Reconstructed temperature and SLP were compared to two independent measurement series for the winter 1788/89 from the stations Zurich and Cádiz. These locations represent areas with high station coverage and poor to no station coverage, respectively. Unlike the leave-one-out validation, the validation against independent observations was performed on absolute values rather than anomalies. Figure 5 illustrates this comparison in the form of a time series (top), a scatter plot (centre), and a quantile–quantile plot (bottom). Here too, for the most part, we see that the EnKF improves the overall accuracy of the reconstruction compared to the observations. Compared to the Zurich temperature observations, the ARM alone manages to capture the temporal succession of temperature over the 4 winter months and exhibits a correlation of 0.82 with the independent observations; in the EnKF this linear relationship is slightly improved to 0.89. The RMSE also shows an improvement from 3.4 to 2.7 C, as does the mean bias from 0.67 to 0.13 C. The spread of values around the 1:1 line is reduced; however, the EnKF slightly worsens the underestimation of cold extremes, as can be seen in the first week of January, likely due to the high-altitude neighbouring stations such at Gotthard and Hohenpeissenberg registering colder temperatures on these days. Some of these disparities can be linked to differences between local measurements and the spatially coarser gridded data. The difficulty in accurately estimating cold extremes also stems from the lack of available analogues in the 71-year analogue pool.

In data-sparse regions such as southern Spain, the EnKF shows no significant improvement on a weak best analogue. Comparisons with the Cádiz temperature series show a large spread of values and poor correlations for the ARM; the assimilation did not significantly improve the reconstruction in this area. The linear relationship is 0.5 for the ARM and 0.58 for the EnKF, which is around the expected value for this region from the validation over time; the RMSE remains unchanged at 3.9 C, and the mean bias worsens from 2.6 to 3 C. The reconstructed winter at Cádiz is substantially colder than the observations show. That said, doubts about the quality of the Cádiz temperature series cloud the validation: not only are these daily means based on observations taken only once a day at noon, but there are also several gaps in the series. Moreover, these measurements predate the reorganisation of the facilities and equipment of the observatory that began after 1789 (Barriendos et al., 2002). Thus, it could well be that the instrument itself was poorly exposed and the observations may not capture the full extent of the cooling.

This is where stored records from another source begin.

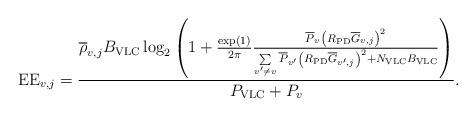
\begin{align*}{\rm EE}_{v,j}=\frac{{ \overline{\rho}_{v,j} B_{\rm VLC} \log_2 \left({ 1 + {\frac{\exp(1)}{2\pi}} \frac{{\overline P}_v {\left( {{R_{\rm{PD}}}{\overline{G}_{v,j}}} \right)}^2} { {\sum\limits_{v'\ne v} {\overline P}_{v'} {\left( {{R_{\rm{PD}}}{\overline{G}_{v',j}}} \right)}^2 } + N_{\rm VLC}B_{\rm VLC}} } \right)}} {P_{\rm VLC}+P_v}.\end{align*}
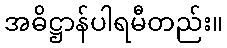
အဓိဋ္ဌာန်ပါရမီတည်း။
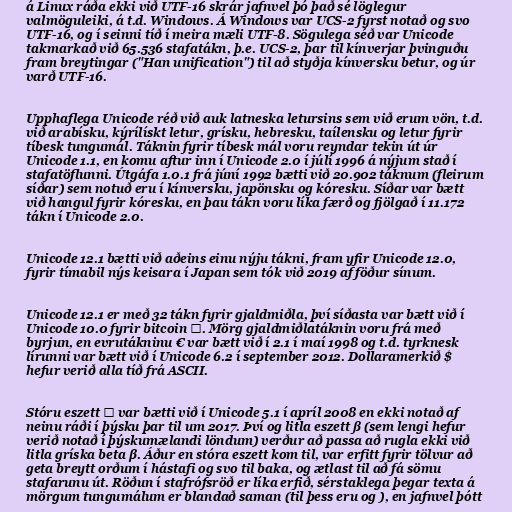
á Linux ráða ekki við UTF-16 skrár jafnvel þó það sé löglegur
valmöguleiki, á t.d. Windows. Á Windows var UCS-2 fyrst notað og svo
UTF-16, og í seinni tíð í meira mæli UTF-8. Sögulega séð var Unicode
takmarkað við 65.536 stafatákn, þ.e. UCS-2, þar til kínverjar þvinguðu
fram breytingar ("Han unification") til að styðja kínversku betur, og úr
varð UTF-16.

Upphaflega Unicode réð við auk latneska letursins sem við erum vön, t.d.
við arabísku, kýrílískt letur, grísku, hebresku, taílensku og letur fyrir
tíbesk tungumál. Táknin fyrir tíbesk mál voru reyndar tekin út úr
Unicode 1.1, en komu aftur inn í Unicode 2.0 í júlí 1996 á nýjum stað í
stafatöflunni. Útgáfa 1.0.1 frá júní 1992 bætti við 20.902 táknum (fleirum
síðar) sem notuð eru í kínversku, japönsku og kóresku. Síðar var bætt
við hangul fyrir kóresku, en þau tákn voru líka færð og fjölgað í 11.172
tákn í Unicode 2.0.

Unicode 12.1 bætti við aðeins einu nýju tákni, fram yfir Unicode 12.0,
fyrir tímabil nýs keisara í Japan sem tók við 2019 af föður sínum.

Unicode 12.1 er með 32 tákn fyrir gjaldmiðla, því síðasta var bætt við í
Unicode 10.0 fyrir bitcoin ₿. Mörg gjaldmiðlatáknin voru frá með
byrjun, en evrutákninu € var bætt við í 2.1 í maí 1998 og t.d. tyrknesk
lírunni var bætt við í Unicode 6.2 í september 2012. Dollaramerkið $
hefur verið alla tíð frá ASCII.

Stóru eszett ẞ var bætti við í Unicode 5.1 í apríl 2008 en ekki notað af
neinu ráði í þýsku þar til um 2017. Því og litla eszett ß (sem lengi hefur
verið notað í þýskumælandi löndum) verður að passa að rugla ekki við
litla gríska beta β. Áður en stóra eszett kom til, var erfitt fyrir tölvur að
geta breytt orðum í hástafi og svo til baka, og ætlast til að fá sömu
stafarunu út. Röðun í stafrófsröð er líka erfið, sérstaklega þegar texta á
mörgum tungumálum er blandað saman (til þess eru og ), en jafnvel þótt
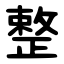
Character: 整
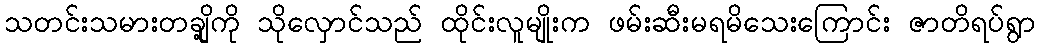
သတင်းသမားတချို့ကို သိုလှောင်သည် ထိုင်းလူမျိုးက ဖမ်းဆီးမရမိသေးကြောင်း ဇာတိရပ်ရွာ
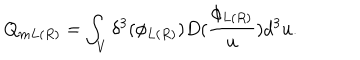
LaTeX: Q _ { m L ( R ) } = \int _ { V } \delta ^ { 3 } ( \phi _ { L ( R ) } ) D ( \frac { \phi _ { L ( R ) } } u ) d ^ { 3 } u .
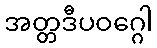
အတ္တဒီပဝဂ္ဂေါ
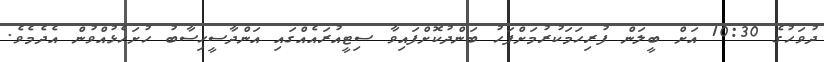
ދުވަހުގެ 10:30 އަށް ބީލަން ފުރިހަމަކުރުމަށްފަހު ބަންދުކޮށްފައިވާ ސިޓީއުރައެއްގައި އަންދާސީހިސާބު ހުށަހެޅުއްވުން އެދެމެވެ.
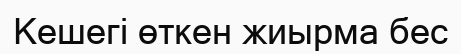
Кешегі өткен жиырма бес
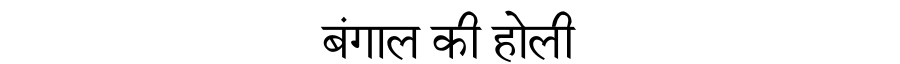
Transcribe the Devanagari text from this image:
बंगाल की होली
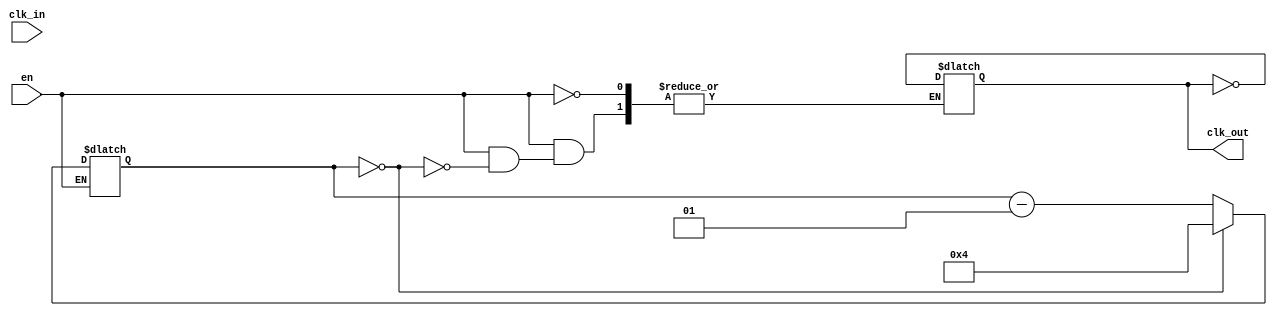
// This program was cloned from: https://github.com/Elphel/x393
// License: GNU General Public License v3.0

/*!
 * <b>Module:</b>sim_clk_div
 * @file sim_clk_div.v
 * @date 2015-10-11  
 * @author Andrey Filippov     
 *
 * @brief Divide clock frequency by integer number
 *
 * @copyright Copyright (c) 2015 Elphel, Inc .
 *
 * <b>License:</b>
 *
 * sim_clk_div.v is free software; you can redistribute it and/or modify
 * it under the terms of the GNU General Public License as published by
 * the Free Software Foundation, either version 3 of the License, or
 * (at your option) any later version.
 *
 *  sim_clk_div.v is distributed in the hope that it will be useful,
 * but WITHOUT ANY WARRANTY; without even the implied warranty of
 * MERCHANTABILITY or FITNESS FOR A PARTICULAR PURPOSE.  See the
 * GNU General Public License for more details.
 *
 * You should have received a copy of the GNU General Public License
 * along with this program.  If not, see <http://www.gnu.org/licenses/> .
 *
 * Additional permission under GNU GPL version 3 section 7:
 * If you modify this Program, or any covered work, by linking or combining it
 * with independent modules provided by the FPGA vendor only (this permission
 * does not extend to any 3-rd party modules, "soft cores" or macros) under
 * different license terms solely for the purpose of generating binary "bitstream"
 * files and/or simulating the code, the copyright holders of this Program give
 * you the right to distribute the covered work without those independent modules
 * as long as the source code for them is available from the FPGA vendor free of
 * charge, and there is no dependence on any encrypted modules for simulating of
 * the combined code. This permission applies to you if the distributed code
 * contains all the components and scripts required to completely simulate it
 * with at least one of the Free Software programs.
 */
`timescale 1ns/1ps

module  sim_clk_div#(
        parameter DIVISOR =  5
    ) (
        input      clk_in,
        input      en,
        output     clk_out
    );
    integer cntr = 0;
    reg clk_out_r = 0;
    assign clk_out = (DIVISOR == 1) ? clk_in: clk_out_r;
    always @(clk_in) if (en) begin
        if (cntr == 0) begin
            cntr = DIVISOR - 1;
            clk_out_r = !clk_out_r;
        end else begin
            cntr = cntr - 1;
        end
    end
endmodule

SLP reconstructions show better results in both observation series. The ARM manages to capture the general development of SLP in Zurich during the winter 1788/89, exhibiting a strong correlation with the observations of 0.93. The EnKF improves this to 0.98, while the RMSE is lowered from 4 to 2.5 hPa, though the mean bias is marginally increased from 1.4 to 1.5 hPa. Notably, the EnKF improves the accuracy of extreme values. This happens for Cádiz as well, though to a lesser degree. Here, the spread of values around the 1:1 line is larger, though the mean bias averages out to 0.3 hPa and remains unchanged in the EnKF. The linear relationship between the reconstruction and observations shows significant improvement from an R of 0.55 to 0.8. The RMSE is reduced from 7 to 4.8 hPa. It is worth keeping in mind that the RMSE punishes larger deviations more heavily. Overall, there is a slight overestimation of low SLP values and an underestimation of high SLP.

The validation against independent observations has shown that the post-processed reconstructions manage to accurately reproduce the day-to-day variability of SLP during the winter 1788/89. The accuracy of the reconstructed temperature fields is good in locations with dense station coverage and poor in regions far away from any assimilated station data. The extent of the cold extremes is hard to validate as station temperatures are highly variable due to local influences and may not be captured by the gridded data.

Overall, the reconstructions show satisfying results: the validation for the EnKF temperature reconstruction shows good correlation and skill score, though only in regions with decent station coverage, whereas the results for SLP look even more promising with even better validation metrics. The results prove that the Pfister et al. (2020) suggestion to extend the method further back in time to a larger study area and possibly to other variables was largely successful. That said, certain aspects of the results stress the need for caution. Compared to their study, our post-processed temperature reconstruction shows significantly higher errors; this can be partly attributed to higher measurement uncertainties in our dataset and the uneven station coverage over a much larger domain with strongly varying topography. Furthermore, our results show that accurately reconstructing extreme values is challenging and relies on a long enough analogue pool from which to select suitable matches. Furthermore, Pfister et al. (2020) found better skill for summer reconstructions than for winter ones: it is very possible that reconstructing the summer 1789 would yield lower errors.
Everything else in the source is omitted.